§ **Exercise aim**: Please transcribe only the lines between the one containing "Character: 贿" and the end of the records, both ends included, exactly as written; skip every picture.

* * * * *

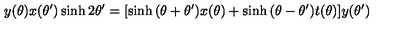
y ( \theta ) x ( \theta ^ { \prime } ) \sinh 2 \theta ^ { \prime } = [ \sinh { ( \theta + \theta ^ { \prime } ) } x ( \theta ) + \sinh { ( \theta - \theta ^ { \prime } ) } t ( \theta ) ] y ( \theta ^ { \prime } )
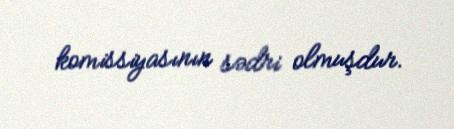
komissiyasının sədri olmuşdur.
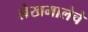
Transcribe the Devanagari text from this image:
लेखमालेचे
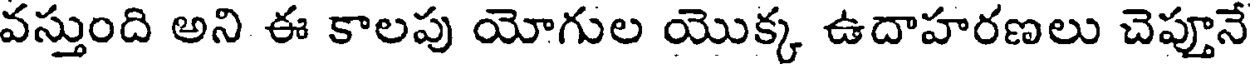
వస్తుంది అని ఈ కాలపు యోగుల యొక్క ఉదాహరణలు చెప్తూనే
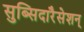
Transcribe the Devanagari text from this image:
सुब्सिदारैसेशन्
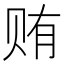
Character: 贿
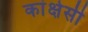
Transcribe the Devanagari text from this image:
कांक्षेसी
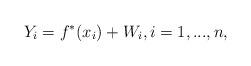
LaTeX: \begin{align*}Y_i=f^*(x_i)+W_i,i=1,...,n,\end{align*}
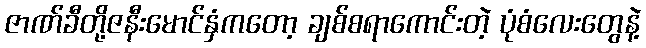
ဇာဏ်ခီတို့ဇနီးမောင်နှံကတော့ ချစ်စရာကောင်းတဲ့ ပုံစံလေးတွေနဲ့
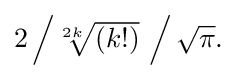
{\textstyle 2\left/{\sqrt[{2k}]{(k!)}}\ \right/{\sqrt {\pi }}.}
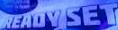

* * * * *

§ **Reply to the task**:
Character: 贿
Transcribe the Devanagari text from this image:
कांक्षेसी
LaTeX: \begin{align*}Y_i=f^*(x_i)+W_i,i=1,...,n,\end{align*}
ဇာဏ်ခီတို့ဇနီးမောင်နှံကတော့ ချစ်စရာကောင်းတဲ့ ပုံစံလေးတွေနဲ့
{\textstyle 2\left/{\sqrt[{2k}]{(k!)}}\ \right/{\sqrt {\pi }}.}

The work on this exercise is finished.